Exercise objective
Look below. Copy each line that has "http" in it.

Records from a data source:
────────

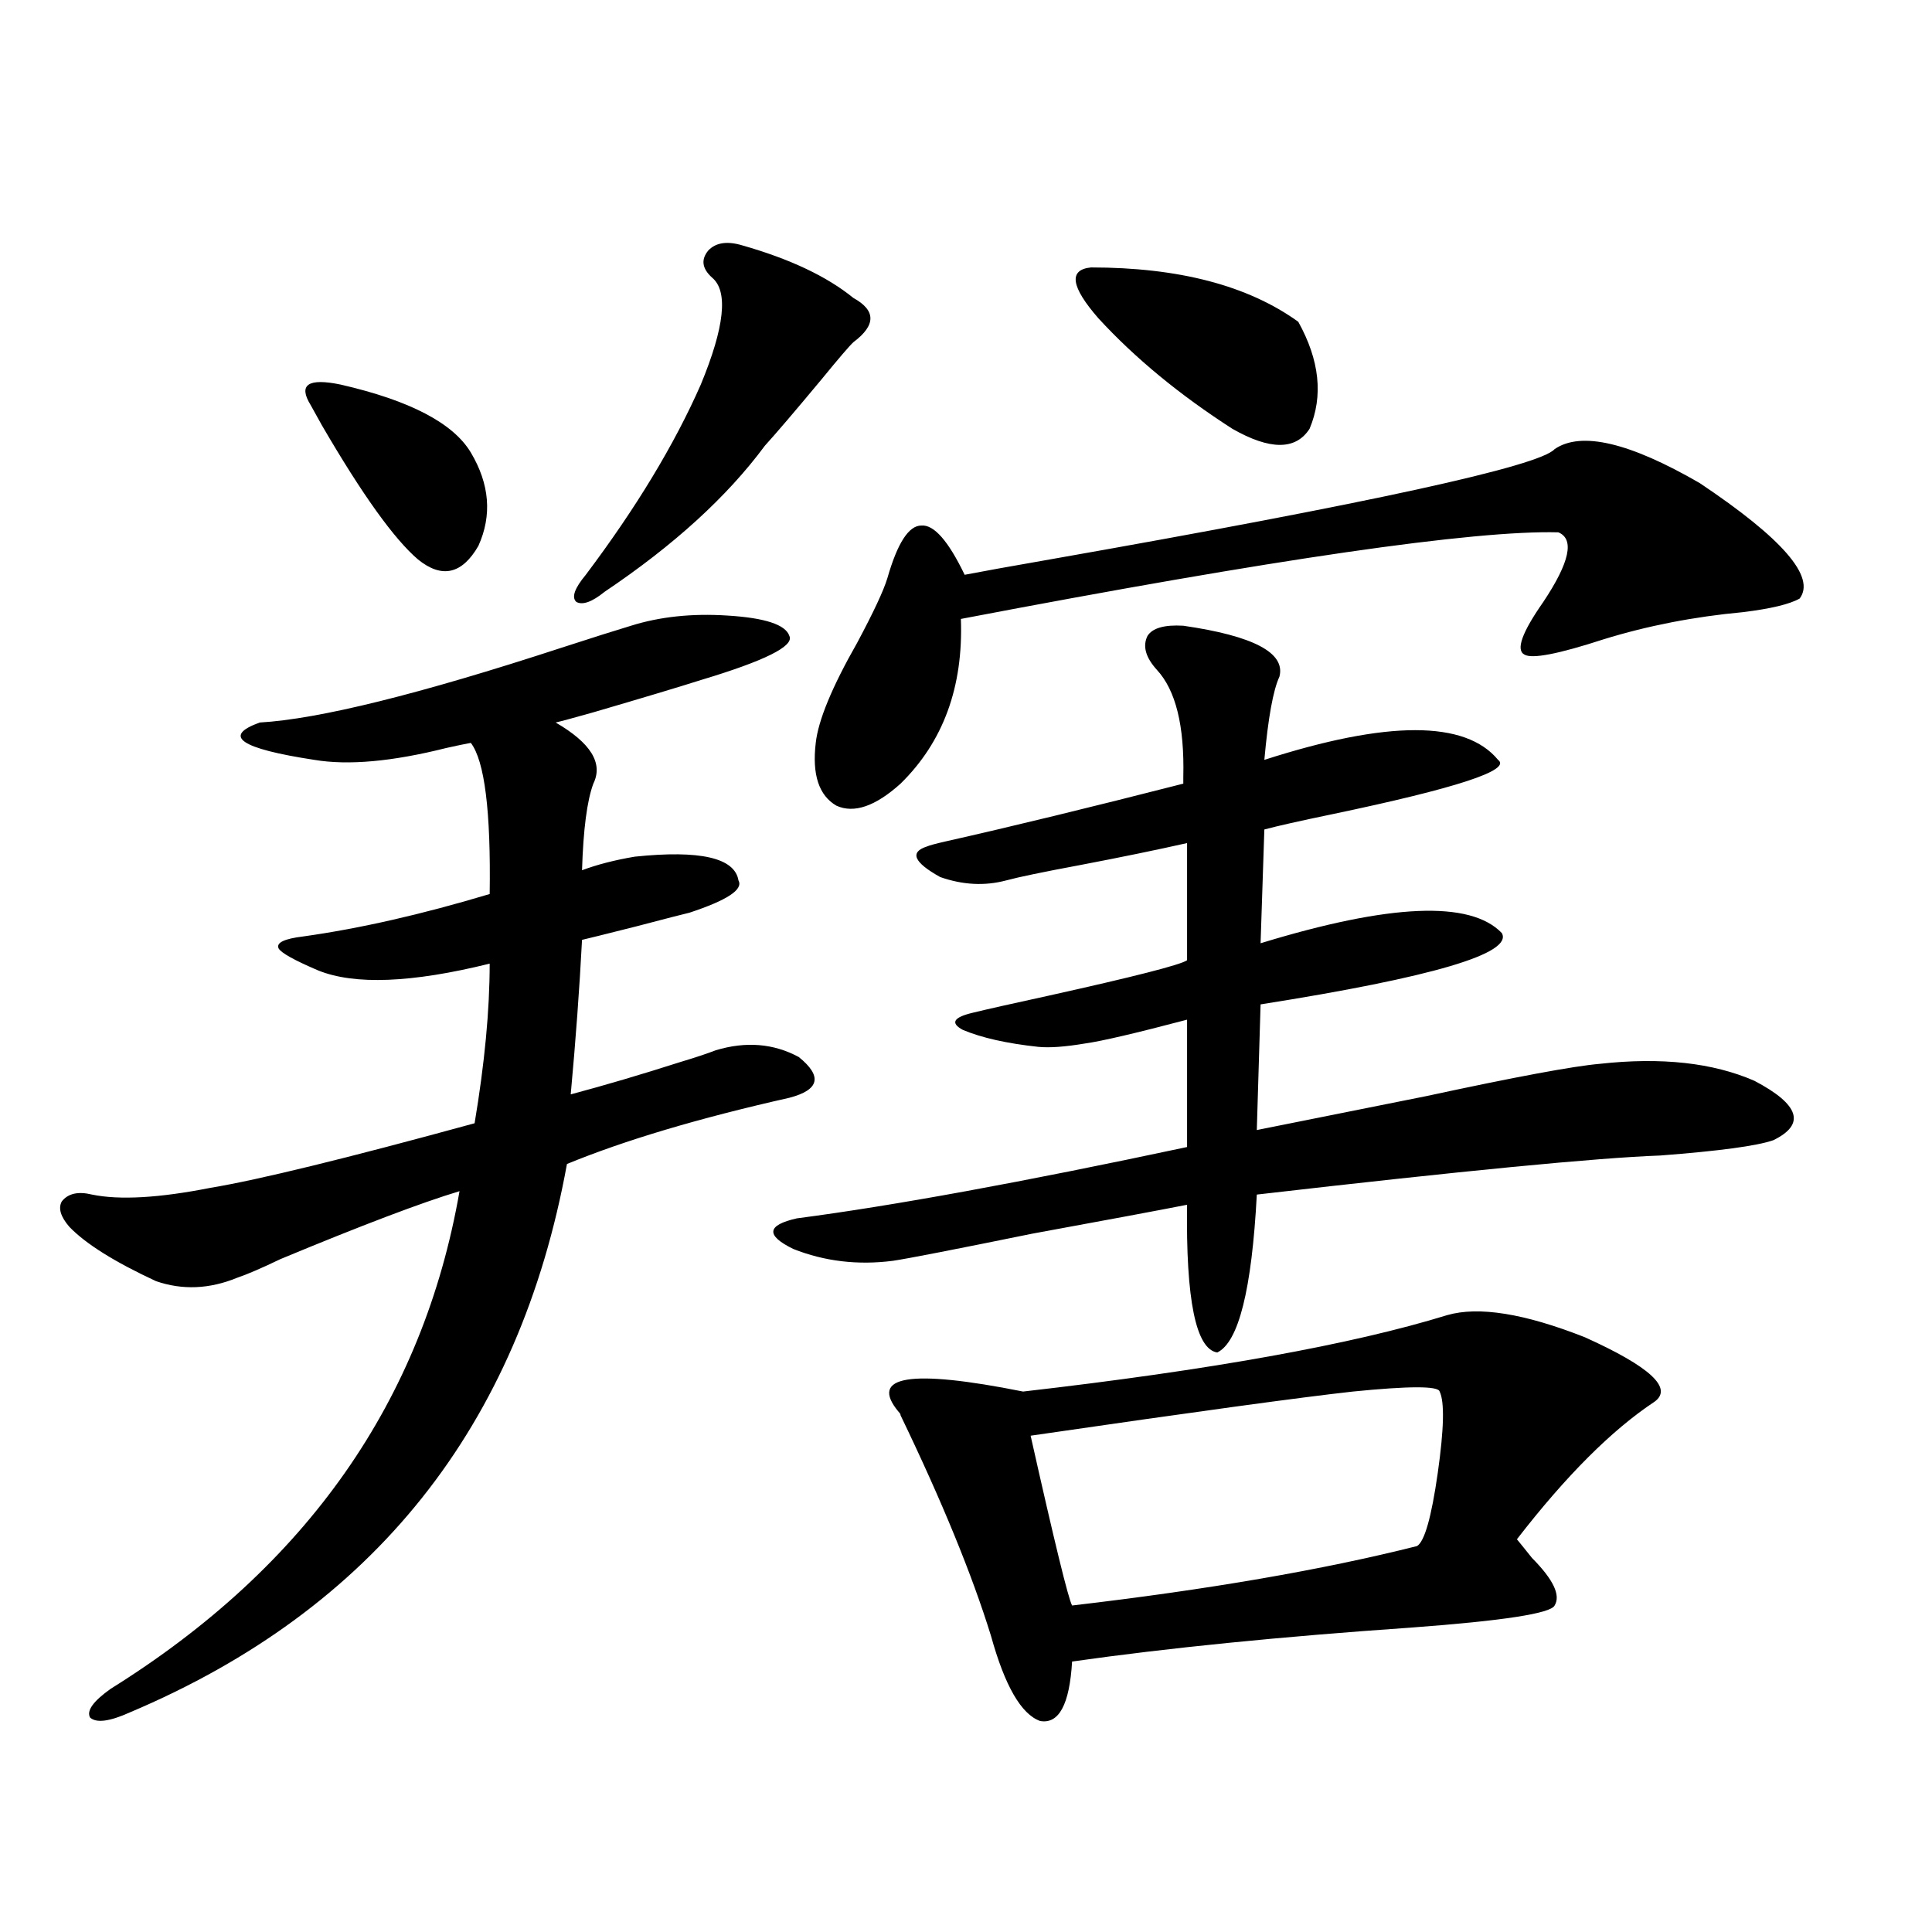 <?xml version="1.0" encoding="utf-8"?>
<!-- Generator: Adobe Illustrator 16.0.0, SVG Export Plug-In . SVG Version: 6.00 Build 0)  -->
<!DOCTYPE svg PUBLIC "-//W3C//DTD SVG 1.1//EN" "http://www.w3.org/Graphics/SVG/1.1/DTD/svg11.dtd">
<svg version="1.1" id="图层_1" xmlns="http://www.w3.org/2000/svg" xmlns:xlink="http://www.w3.org/1999/xlink" x="0px" y="0px"
	 width="1000px" height="1000px" viewBox="0 0 1000 1000" enable-background="new 0 0 1000 1000" xml:space="preserve">
<path d="M326.626,323.875c14.954-4.683,31.539-6.44,49.755-5.273c19.512,1.182,30.243,4.697,32.194,10.547
	c2.592,5.273-12.683,12.896-45.853,22.852c-11.066,3.516-29.603,9.092-55.608,16.699c-10.411,2.939-16.92,4.697-19.512,5.273
	c18.201,10.547,24.71,21.094,19.512,31.641c-3.262,8.789-5.213,23.73-5.854,44.824c7.805-2.925,16.905-5.273,27.316-7.031
	c33.811-3.516,51.706,0.591,53.657,12.305c2.592,4.697-5.854,10.259-25.365,16.699c-2.606,0.591-11.707,2.939-27.316,7.031
	c-16.265,4.106-25.7,6.455-28.292,7.031c-1.311,25.2-3.262,51.855-5.854,79.98c17.561-4.683,36.417-10.244,56.584-16.699
	c7.805-2.334,13.979-4.395,18.536-6.152c15.609-4.683,29.908-3.516,42.926,3.516c12.348,9.971,10.731,17.002-4.878,21.094
	c-46.828,10.547-85.211,21.973-115.119,34.277C268.731,738.431,193.291,833.051,67.12,886.375
	c-10.411,4.684-17.24,5.563-20.487,2.637c-1.951-3.516,1.616-8.5,10.731-14.941c101.461-63.281,161.612-149.111,180.483-257.52
	c-19.512,5.864-50.41,17.578-92.681,35.156c-9.756,4.697-17.24,7.91-22.438,9.668c-14.313,5.864-28.292,6.455-41.95,1.758
	c-21.463-9.956-36.432-19.336-44.877-28.125c-4.558-5.273-5.854-9.668-3.902-13.184c3.247-4.092,8.445-5.273,15.609-3.516
	c14.299,2.939,34.786,1.758,61.462-3.516c24.71-4.092,70.242-15.229,136.582-33.398c5.198-31.05,7.805-58.584,7.805-82.617
	c-40.334,9.971-69.922,11.138-88.778,3.516c-12.362-5.273-19.191-9.077-20.487-11.426c-1.311-2.925,2.927-4.971,12.683-6.152
	c29.268-4.092,61.462-11.426,96.583-21.973c0.641-42.764-2.606-68.843-9.756-78.223c-3.262,0.591-7.484,1.47-12.683,2.637
	c-27.972,7.031-50.73,9.092-68.291,6.152c-38.383-5.85-47.804-12.305-28.292-19.336c30.563-1.758,82.59-14.639,156.094-38.672
	C306.779,330.027,318.821,326.224,326.626,323.875z M176.386,199.07c35.762,8.213,58.2,19.927,67.315,35.156
	c9.756,16.411,11.052,32.52,3.902,48.34c-8.46,14.653-18.871,17.002-31.219,7.031c-12.362-10.547-28.947-33.687-49.755-69.434
	c-2.606-4.683-4.558-8.198-5.854-10.547c-3.262-5.273-3.582-8.789-0.976-10.547C162.393,197.313,167.926,197.313,176.386,199.07z
	 M384.186,127c24.71,7.031,43.901,16.123,57.56,27.246c11.707,6.455,11.707,14.063,0,22.852c-1.951,1.758-7.484,8.213-16.585,19.336
	c-13.658,16.411-23.414,27.837-29.268,34.277c-19.512,26.367-47.163,51.567-82.925,75.586c-6.509,5.273-11.387,7.031-14.634,5.273
	c-2.606-2.334-0.976-7.031,4.878-14.063c26.006-34.565,45.853-67.373,59.511-98.438c12.348-29.883,14.299-48.34,5.854-55.371
	c-5.213-4.683-5.854-9.365-1.951-14.063C370.527,125.545,376.381,124.666,384.186,127z M612.473,323.875
	c36.417,5.273,53.002,14.063,49.755,26.367c-3.262,7.031-5.854,21.396-7.805,43.066c63.733-20.503,104.053-20.503,120.973,0
	c7.149,5.273-21.463,14.653-85.852,28.125c-16.92,3.516-28.627,6.152-35.121,7.91l-1.951,58.887
	c66.98-20.503,108.61-22.261,124.875-5.273c5.854,10.547-35.776,22.852-124.875,36.914l-1.951,65.039
	c23.414-4.683,52.682-10.547,87.803-17.578c46.173-9.956,76.096-15.518,89.754-16.699c31.859-3.516,58.535-0.576,79.998,8.789
	c23.414,12.305,26.661,22.563,9.756,30.762c-8.46,2.939-27.972,5.576-58.535,7.91c-32.529,1.182-102.116,7.91-208.775,20.215
	c-2.606,49.219-9.436,76.465-20.487,81.738c-11.066-1.758-16.265-27.246-15.609-76.465c-14.969,2.939-41.63,7.91-79.998,14.941
	c-40.334,8.213-64.389,12.896-72.193,14.063c-18.216,2.349-35.456,0.303-51.706-6.152c-14.313-7.031-13.658-12.305,1.951-15.82
	c49.42-6.44,116.735-18.745,201.946-36.914v-65.918c-26.676,7.031-44.236,11.138-52.682,12.305
	c-10.411,1.758-18.536,2.349-24.39,1.758c-16.265-1.758-29.268-4.683-39.023-8.789c-6.509-3.516-4.878-6.44,4.878-8.789
	c7.149-1.758,20.152-4.683,39.023-8.789c44.877-9.956,68.932-16.108,72.193-18.457v-60.645
	c-15.609,3.516-34.146,7.334-55.608,11.426c-18.871,3.516-31.554,6.152-38.048,7.91c-11.066,2.939-22.438,2.349-34.146-1.758
	c-13.658-7.607-15.944-12.881-6.829-15.82c1.296-0.576,4.543-1.455,9.756-2.637c33.811-7.607,74.785-17.578,122.924-29.883
	c0-0.576,0-1.758,0-3.516c0.641-26.367-3.902-44.824-13.658-55.371c-5.854-6.44-7.484-12.305-4.878-17.578
	C596.528,325.057,602.717,323.299,612.473,323.875z M931.489,309.813c-5.213,2.939-14.969,5.273-29.268,7.031
	c-25.365,2.349-49.435,7.031-72.193,14.063c-23.414,7.622-37.072,10.259-40.975,7.91c-4.558-2.334-1.311-11.426,9.756-27.246
	c13.658-20.503,16.25-32.52,7.805-36.035c-43.581-1.167-146.673,13.774-309.261,44.824c1.296,35.156-9.115,63.584-31.219,85.254
	c-13.018,11.729-24.069,15.532-33.17,11.426c-9.115-5.273-12.683-16.108-10.731-32.52c1.296-11.714,8.445-29.004,21.463-51.855
	c8.445-15.82,13.658-26.943,15.609-33.398c5.198-18.154,11.052-27.246,17.561-27.246c6.494-0.576,13.979,7.91,22.438,25.488
	c9.101-1.758,23.734-4.395,43.901-7.91c166.49-29.292,253.652-48.34,261.457-57.129c13.658-9.365,38.688-3.516,75.12,17.578
	C922.709,278.763,939.935,298.689,931.489,309.813z M749.055,680.711c16.25-4.683,39.999-0.879,71.218,11.426
	c33.811,15.244,45.853,26.367,36.097,33.398c-22.118,14.653-45.853,38.384-71.218,71.191c1.951,2.349,4.543,5.576,7.805,9.668
	c11.052,11.138,14.954,19.336,11.707,24.609c-1.951,4.093-26.676,7.91-74.145,11.426c-67.65,4.684-126.186,10.547-175.605,17.578
	c-1.311,22.262-6.829,32.52-16.585,30.762c-9.756-3.516-18.216-18.168-25.365-43.945c-9.756-31.641-25.365-69.722-46.828-114.258
	c0-0.576-0.335-1.167-0.976-1.758c-15.609-18.745,5.854-22.261,64.389-10.547C626.451,709.139,699.62,695.955,749.055,680.711z
	 M745.152,720.262c-0.655-2.925-15.609-2.925-44.877,0c-26.676,2.939-82.284,10.547-166.825,22.852
	c12.348,55.083,19.512,84.375,21.463,87.891c70.242-8.198,129.753-18.457,178.532-30.762c3.902-2.334,7.47-14.941,10.731-37.793
	C747.424,739.598,747.744,725.535,745.152,720.262z M564.669,138.426c45.518,0,81.294,9.38,107.314,28.125
	c11.052,19.927,13.003,38.384,5.854,55.371c-7.164,11.138-20.487,11.138-39.999,0c-27.316-17.578-50.41-36.611-69.267-57.129
	C554.258,148.396,552.962,139.607,564.669,138.426z"/>
</svg>

────────

Output for this task
<!DOCTYPE svg PUBLIC "-//W3C//DTD SVG 1.1//EN" "http://www.w3.org/Graphics/SVG/1.1/DTD/svg11.dtd">
<svg version="1.1" id="图层_1" xmlns="http://www.w3.org/2000/svg" xmlns:xlink="http://www.w3.org/1999/xlink" x="0px" y="0px"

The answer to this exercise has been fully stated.